Collected data:
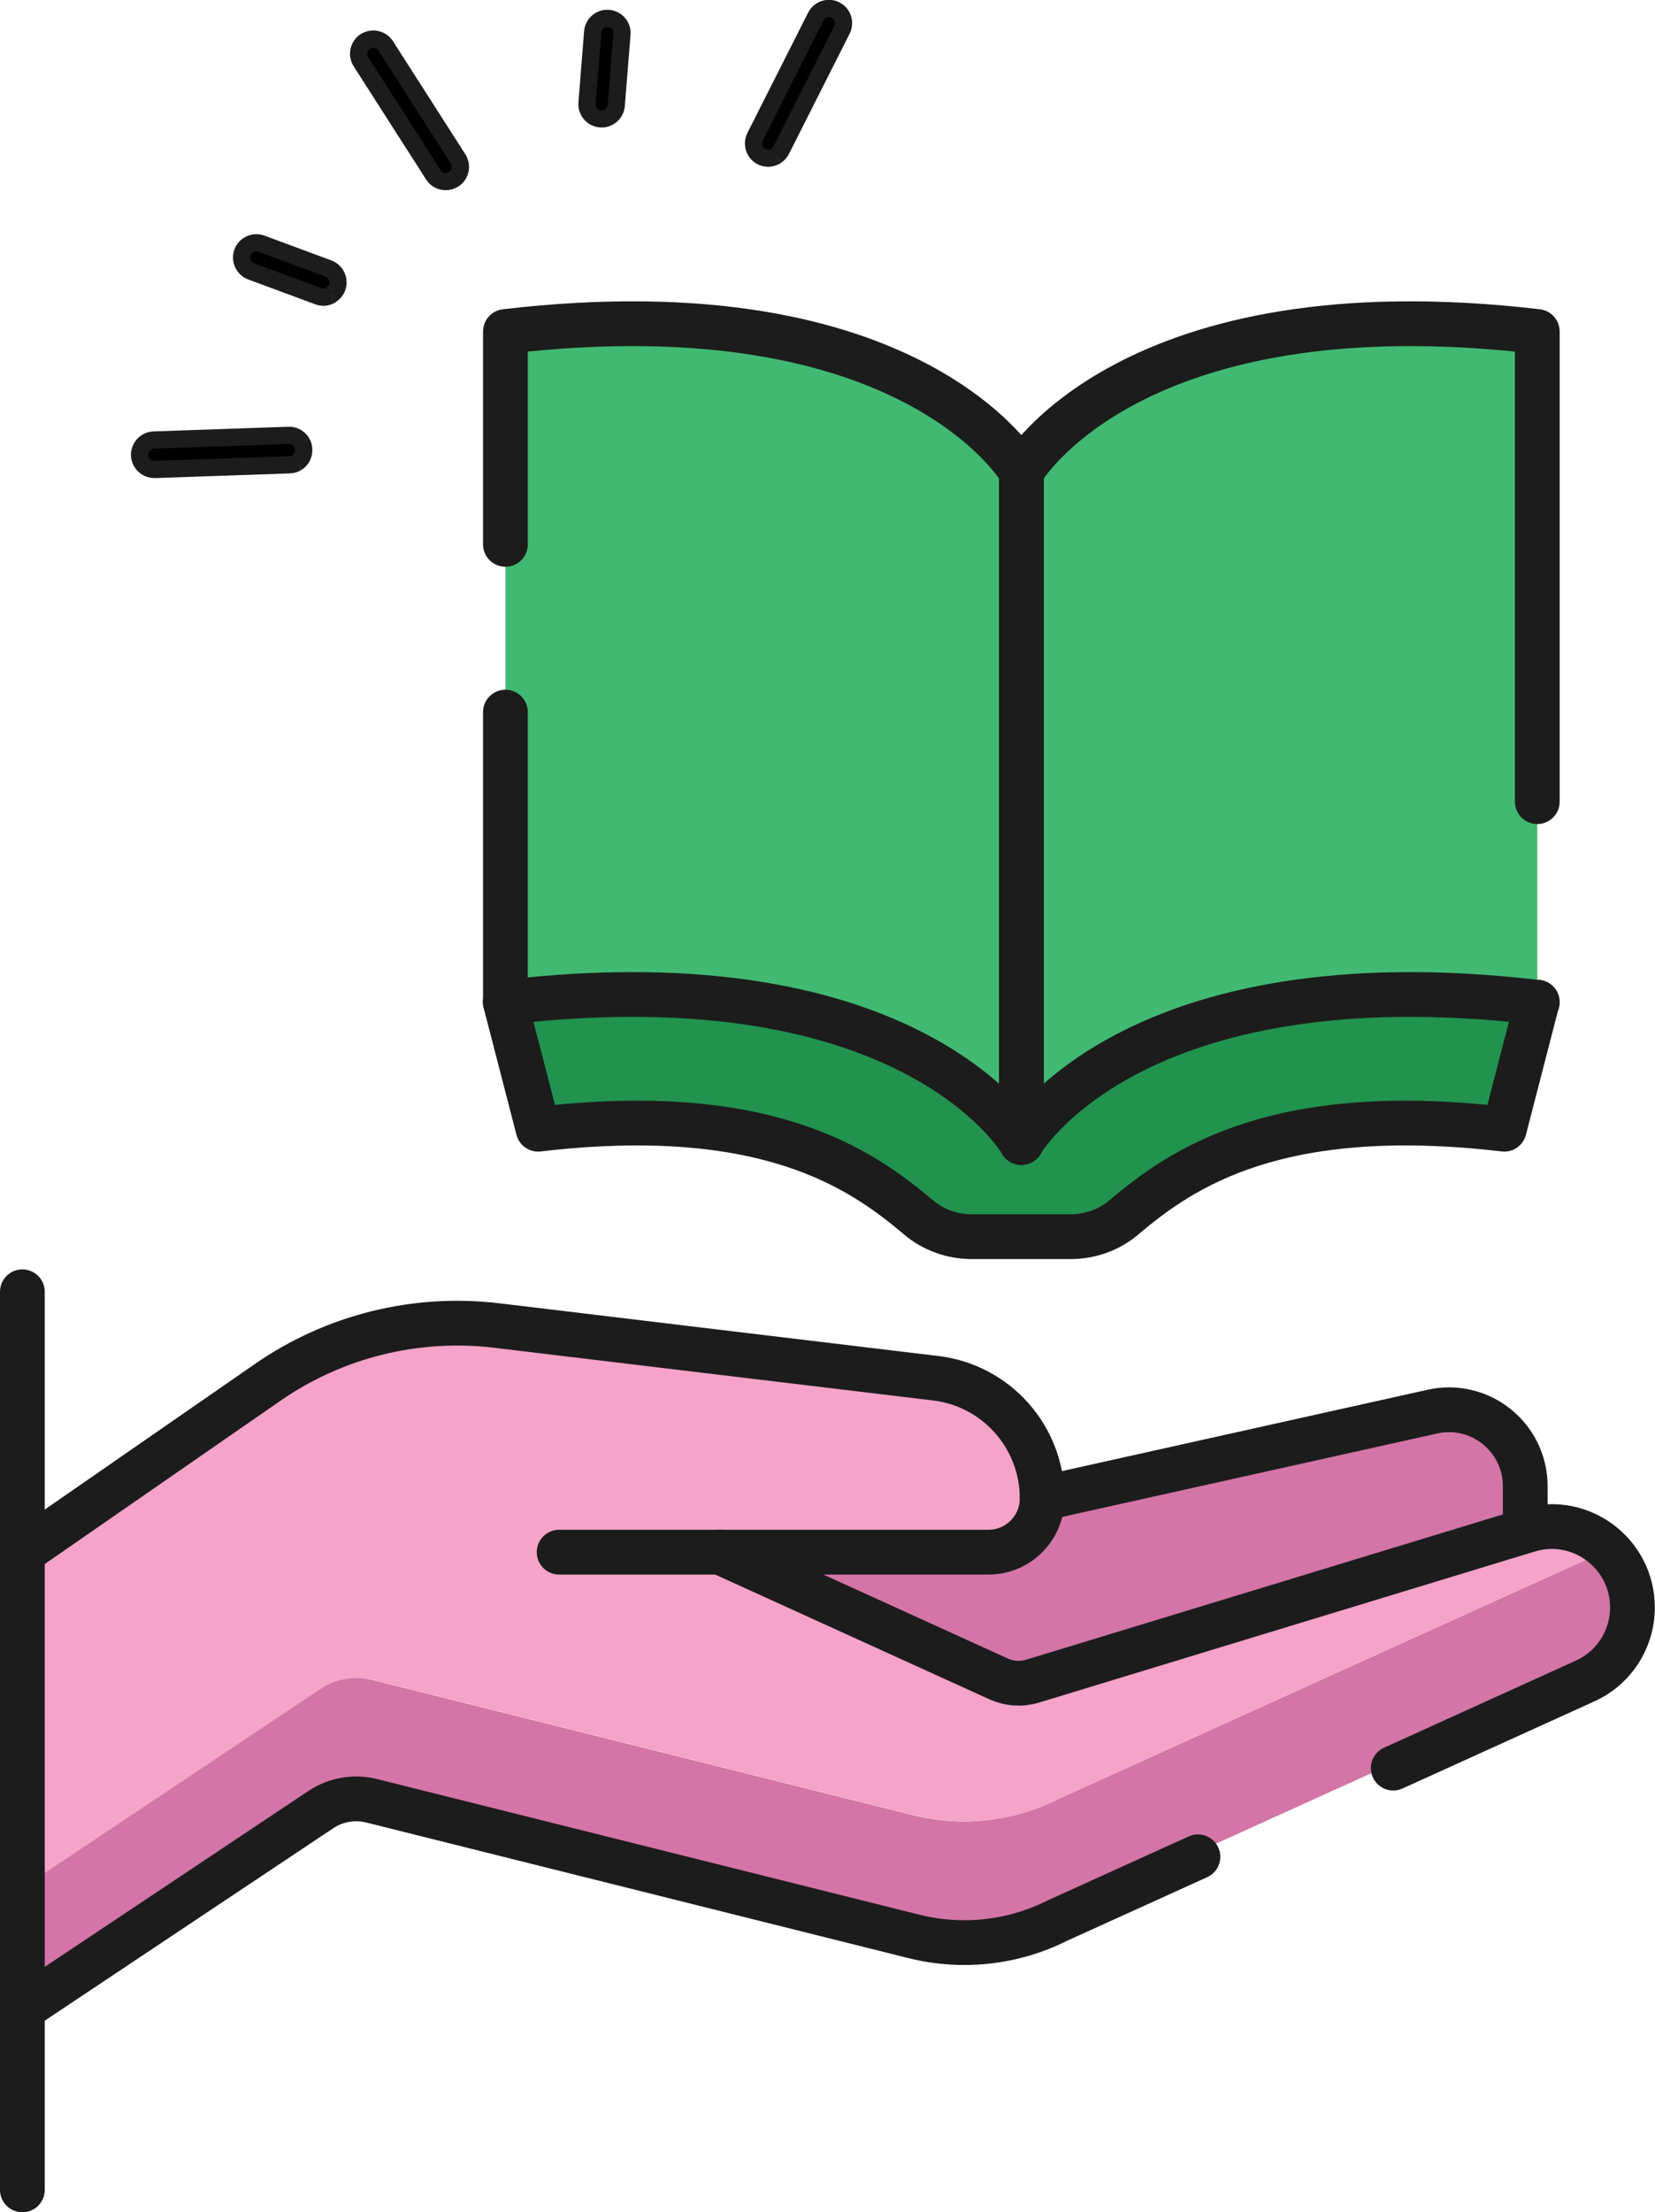 <?xml version="1.0" encoding="UTF-8"?>
<svg id="Layer_2" data-name="Layer 2" xmlns="http://www.w3.org/2000/svg" viewBox="0 0 96.17 128.46">
  <defs>
    <style>
      .cls-1 {
        fill: #21934f;
      }

      .cls-1, .cls-2, .cls-3, .cls-4 {
        stroke-width: 0px;
      }

      .cls-5 {
        stroke-miterlimit: 10;
      }

      .cls-5, .cls-6 {
        stroke: #1c1c1c;
      }

      .cls-2 {
        fill: #f5a3c7;
      }

      .cls-3 {
        fill: #42b972;
      }

      .cls-4 {
        fill: #d375a6;
      }

      .cls-6 {
        fill: none;
        stroke-linecap: round;
        stroke-linejoin: round;
        stroke-width: 2.6px;
      }
    </style>
  </defs>
  <g id="Layer_1-2" data-name="Layer 1">
    <g>
      <g>
        <path class="cls-3" d="m59.35,27.39s-6.24-10.92-29.98-8.14v38.95l1.91,7.38c13.16-1.54,18.69,2.23,22.09,5.11.87.74,1.97,1.13,3.11,1.13h5.74c1.14,0,2.24-.39,3.11-1.13,3.4-2.88,8.93-6.65,22.09-5.11l1.91-7.38V19.24c-23.74-2.77-29.98,8.14-29.98,8.14Z"/>
        <path class="cls-1" d="m59.35,66.34s-6.24-10.92-29.98-8.14l1.91,7.38c13.16-1.54,18.69,2.23,22.09,5.11.87.74,1.97,1.13,3.11,1.13h5.74c1.14,0,2.24-.39,3.11-1.13,3.4-2.88,8.93-6.65,22.09-5.11l1.91-7.38c-23.74-2.77-29.98,8.14-29.98,8.14Z"/>
      </g>
      <path class="cls-4" d="m92.11,90.59l-30.67,13.9c-2.58,1.29-5.55,1.62-8.35.92l-31.49-7.87c-1.02-.25-2.09-.07-2.97.51L1.3,109.61v6.74l17.34-11.56c.87-.58,1.95-.77,2.97-.51l31.49,7.87c2.8.7,5.76.38,8.35-.92l30.67-13.9c1.68-.76,2.75-2.43,2.75-4.27,0-1.35-.56-2.53-1.44-3.38-.38.37-.82.68-1.32.91Z"/>
      <path class="cls-2" d="m21.61,97.53l31.49,7.87c2.8.7,5.76.38,8.35-.92l30.67-13.9c.5-.23.94-.54,1.32-.91-1.17-1.12-2.9-1.64-4.62-1.11l-.18-.28v-2.27c0-2.84-2.63-4.95-5.4-4.33l-22.67,5.04c0-3.56-2.66-6.56-6.19-6.98l-25.5-3.06c-4.7-.56-9.44.61-13.33,3.31l-14.23,9.85v19.77l17.34-11.56c.87-.58,1.95-.77,2.97-.51Z"/>
      <path class="cls-4" d="m88.45,88.45v-2.27c0-2.84-2.63-4.95-5.4-4.33l-22.67,5.04c0,1.72-1.4,3.12-3.12,3.12h-15.59l16.19,7.36c.62.28,1.32.33,1.97.13l28.8-8.77-.18-.28Z"/>
      <g>
        <line class="cls-6" x1="29.37" y1="41.35" x2="29.37" y2="58.19"/>
        <path class="cls-6" d="m59.35,66.34V27.39s-6.24-10.92-29.98-8.14v12.36"/>
        <path class="cls-6" d="m59.35,66.34s-6.24-10.92-29.98-8.14"/>
        <path class="cls-6" d="m59.35,66.34V27.39s6.24-10.92,29.98-8.14v27.3"/>
        <path class="cls-6" d="m59.35,66.34s6.24-10.92,29.98-8.14"/>
        <path class="cls-6" d="m89.32,58.19l-1.91,7.38c-13.16-1.54-18.69,2.23-22.09,5.11-.87.74-1.97,1.13-3.11,1.13h-5.74c-1.14,0-2.24-.39-3.11-1.13-3.4-2.88-8.93-6.65-22.09-5.11l-1.91-7.38"/>
        <path class="cls-6" d="m32.49,90.13h24.95c1.72,0,3.12-1.4,3.12-3.12h0c0-3.56-2.66-6.56-6.19-6.98l-25.5-3.06c-4.7-.56-9.44.61-13.33,3.31l-14.23,9.85"/>
        <path class="cls-6" d="m80.96,102.67l11.15-5.06c1.68-.76,2.75-2.43,2.75-4.27h0c0-3.15-3.04-5.41-6.06-4.49l-28.8,8.77c-.65.2-1.35.15-1.97-.13l-16.19-7.36"/>
        <path class="cls-6" d="m1.3,116.64l17.34-11.56c.87-.58,1.95-.77,2.97-.51l31.49,7.87c2.8.7,5.76.38,8.35-.92l8.16-3.7"/>
        <path class="cls-6" d="m60.56,87.01l22.67-5.04c2.77-.62,5.4,1.49,5.4,4.33v2.27"/>
        <line class="cls-6" x1="1.3" y1="75.01" x2="1.3" y2="127.16"/>
      </g>
      <g>
        <path id="Path_197" data-name="Path 197" class="cls-5" d="m26.36,10.41c-.4.25-.93.14-1.18-.26l-4.22-6.59c-.24-.4-.11-.93.29-1.17.39-.23.89-.12,1.15.25l4.22,6.59c.25.4.14.93-.26,1.18"/>
        <path id="Path_198" data-name="Path 198" class="cls-5" d="m17.26,26.86c-.13.08-.28.13-.43.13l-7.82.27c-.47.02-.87-.34-.9-.81-.02-.47.34-.87.81-.9.01,0,.02,0,.03,0l7.82-.27c.47-.02.87.35.88.83.01.3-.14.59-.39.75"/>
        <path id="Path_199" data-name="Path 199" class="cls-5" d="m19.25,17.12c-.23.15-.51.18-.76.08l-3.89-1.44c-.44-.16-.67-.66-.51-1.1.16-.44.65-.67,1.1-.51,0,0,0,0,0,0l3.89,1.44c.44.16.67.66.51,1.1-.06.17-.18.32-.34.42"/>
        <path id="Path_200" data-name="Path 200" class="cls-5" d="m45.1,9.05c-.4.25-.93.14-1.18-.26-.16-.25-.18-.58-.04-.85l3.53-6.99c.22-.42.74-.58,1.15-.36.41.21.57.71.37,1.13l-3.53,6.99c-.07.14-.17.25-.3.33"/>
        <path id="Path_201" data-name="Path 201" class="cls-5" d="m35.42,6.77c-.16.1-.34.15-.53.13-.47-.04-.82-.45-.78-.92l.33-4.13c.04-.47.45-.82.92-.78.47.04.82.45.78.92h0l-.33,4.13c-.02.27-.17.51-.39.65"/>
      </g>
    </g>
  </g>
</svg>

WORK TO COMPLETE: The answer must restate each entry word for word and contain no images.

ANSWER BOX:
 <?xml version="1.0" encoding="UTF-8"?>
<svg id="Layer_2" data-name="Layer 2" xmlns="http://www.w3.org/2000/svg" viewBox="0 0 96.17 128.46">
  <defs>
    <style>
      .cls-1 {
        fill: #21934f;
      }

      .cls-1, .cls-2, .cls-3, .cls-4 {
        stroke-width: 0px;
      }

      .cls-5 {
        stroke-miterlimit: 10;
      }

      .cls-5, .cls-6 {
        stroke: #1c1c1c;
      }

      .cls-2 {
        fill: #f5a3c7;
      }

      .cls-3 {
        fill: #42b972;
      }

      .cls-4 {
        fill: #d375a6;
      }

      .cls-6 {
        fill: none;
        stroke-linecap: round;
        stroke-linejoin: round;
        stroke-width: 2.6px;
      }
    </style>
  </defs>
  <g id="Layer_1-2" data-name="Layer 1">
    <g>
      <g>
        <path class="cls-3" d="m59.35,27.39s-6.24-10.92-29.98-8.14v38.95l1.91,7.38c13.16-1.54,18.69,2.23,22.09,5.11.87.74,1.97,1.13,3.11,1.13h5.74c1.14,0,2.24-.39,3.11-1.13,3.4-2.88,8.93-6.65,22.09-5.11l1.91-7.38V19.24c-23.74-2.77-29.98,8.14-29.98,8.14Z"/>
        <path class="cls-1" d="m59.35,66.34s-6.24-10.92-29.98-8.14l1.91,7.38c13.16-1.54,18.69,2.23,22.09,5.11.87.74,1.97,1.13,3.11,1.13h5.74c1.14,0,2.24-.39,3.11-1.13,3.4-2.88,8.93-6.65,22.09-5.11l1.91-7.38c-23.74-2.77-29.98,8.14-29.98,8.14Z"/>
      </g>
      <path class="cls-4" d="m92.11,90.59l-30.67,13.9c-2.58,1.29-5.55,1.62-8.35.92l-31.49-7.87c-1.02-.25-2.09-.07-2.97.51L1.3,109.61v6.74l17.34-11.56c.87-.58,1.95-.77,2.97-.51l31.49,7.87c2.8.7,5.76.38,8.35-.92l30.67-13.9c1.68-.76,2.75-2.43,2.75-4.27,0-1.35-.56-2.53-1.44-3.38-.38.37-.82.68-1.32.91Z"/>
      <path class="cls-2" d="m21.61,97.53l31.49,7.87c2.8.7,5.76.38,8.35-.92l30.67-13.9c.5-.23.94-.54,1.32-.91-1.17-1.12-2.9-1.64-4.62-1.11l-.18-.28v-2.27c0-2.84-2.63-4.95-5.4-4.33l-22.67,5.04c0-3.56-2.66-6.56-6.19-6.98l-25.5-3.06c-4.7-.56-9.44.61-13.33,3.31l-14.23,9.85v19.77l17.34-11.56c.87-.58,1.95-.77,2.97-.51Z"/>
      <path class="cls-4" d="m88.45,88.45v-2.27c0-2.84-2.63-4.95-5.4-4.33l-22.67,5.04c0,1.72-1.4,3.12-3.12,3.12h-15.59l16.19,7.36c.62.28,1.32.33,1.97.13l28.8-8.77-.18-.28Z"/>
      <g>
        <line class="cls-6" x1="29.37" y1="41.35" x2="29.37" y2="58.19"/>
        <path class="cls-6" d="m59.35,66.34V27.39s-6.24-10.92-29.98-8.14v12.36"/>
        <path class="cls-6" d="m59.35,66.34s-6.24-10.92-29.98-8.14"/>
        <path class="cls-6" d="m59.35,66.34V27.39s6.24-10.92,29.98-8.14v27.3"/>
        <path class="cls-6" d="m59.35,66.34s6.24-10.92,29.98-8.14"/>
        <path class="cls-6" d="m89.32,58.19l-1.91,7.38c-13.16-1.54-18.69,2.23-22.09,5.11-.87.74-1.97,1.13-3.11,1.13h-5.74c-1.14,0-2.24-.39-3.11-1.13-3.4-2.88-8.93-6.65-22.09-5.11l-1.91-7.38"/>
        <path class="cls-6" d="m32.49,90.13h24.95c1.72,0,3.12-1.4,3.12-3.12h0c0-3.56-2.66-6.56-6.19-6.98l-25.5-3.06c-4.7-.56-9.44.61-13.33,3.31l-14.23,9.85"/>
        <path class="cls-6" d="m80.96,102.67l11.15-5.06c1.68-.76,2.75-2.43,2.75-4.27h0c0-3.15-3.04-5.41-6.06-4.49l-28.8,8.77c-.65.2-1.35.15-1.97-.13l-16.19-7.36"/>
        <path class="cls-6" d="m1.3,116.64l17.34-11.56c.87-.58,1.95-.77,2.97-.51l31.49,7.87c2.8.7,5.76.38,8.35-.92l8.16-3.7"/>
        <path class="cls-6" d="m60.56,87.01l22.67-5.04c2.77-.62,5.4,1.49,5.4,4.33v2.27"/>
        <line class="cls-6" x1="1.3" y1="75.01" x2="1.3" y2="127.16"/>
      </g>
      <g>
        <path id="Path_197" data-name="Path 197" class="cls-5" d="m26.36,10.41c-.4.25-.93.14-1.18-.26l-4.22-6.59c-.24-.4-.11-.93.29-1.17.39-.23.89-.12,1.15.25l4.22,6.59c.25.4.14.93-.26,1.18"/>
        <path id="Path_198" data-name="Path 198" class="cls-5" d="m17.26,26.86c-.13.08-.28.13-.43.13l-7.82.27c-.47.02-.87-.34-.9-.81-.02-.47.34-.87.81-.9.01,0,.02,0,.03,0l7.82-.27c.47-.02.87.35.88.83.01.3-.14.59-.39.75"/>
        <path id="Path_199" data-name="Path 199" class="cls-5" d="m19.25,17.12c-.23.15-.51.18-.76.08l-3.89-1.44c-.44-.16-.67-.66-.51-1.1.16-.44.65-.67,1.1-.51,0,0,0,0,0,0l3.89,1.44c.44.16.67.66.51,1.1-.06.17-.18.32-.34.42"/>
        <path id="Path_200" data-name="Path 200" class="cls-5" d="m45.1,9.05c-.4.25-.93.14-1.18-.26-.16-.25-.18-.58-.04-.85l3.53-6.99c.22-.42.74-.58,1.15-.36.41.21.57.71.37,1.13l-3.53,6.99c-.07.14-.17.25-.3.33"/>
        <path id="Path_201" data-name="Path 201" class="cls-5" d="m35.42,6.77c-.16.1-.34.15-.53.13-.47-.04-.82-.45-.78-.92l.33-4.13c.04-.47.45-.82.92-.78.47.04.82.45.78.92h0l-.33,4.13c-.02.27-.17.51-.39.65"/>
      </g>
    </g>
  </g>
</svg>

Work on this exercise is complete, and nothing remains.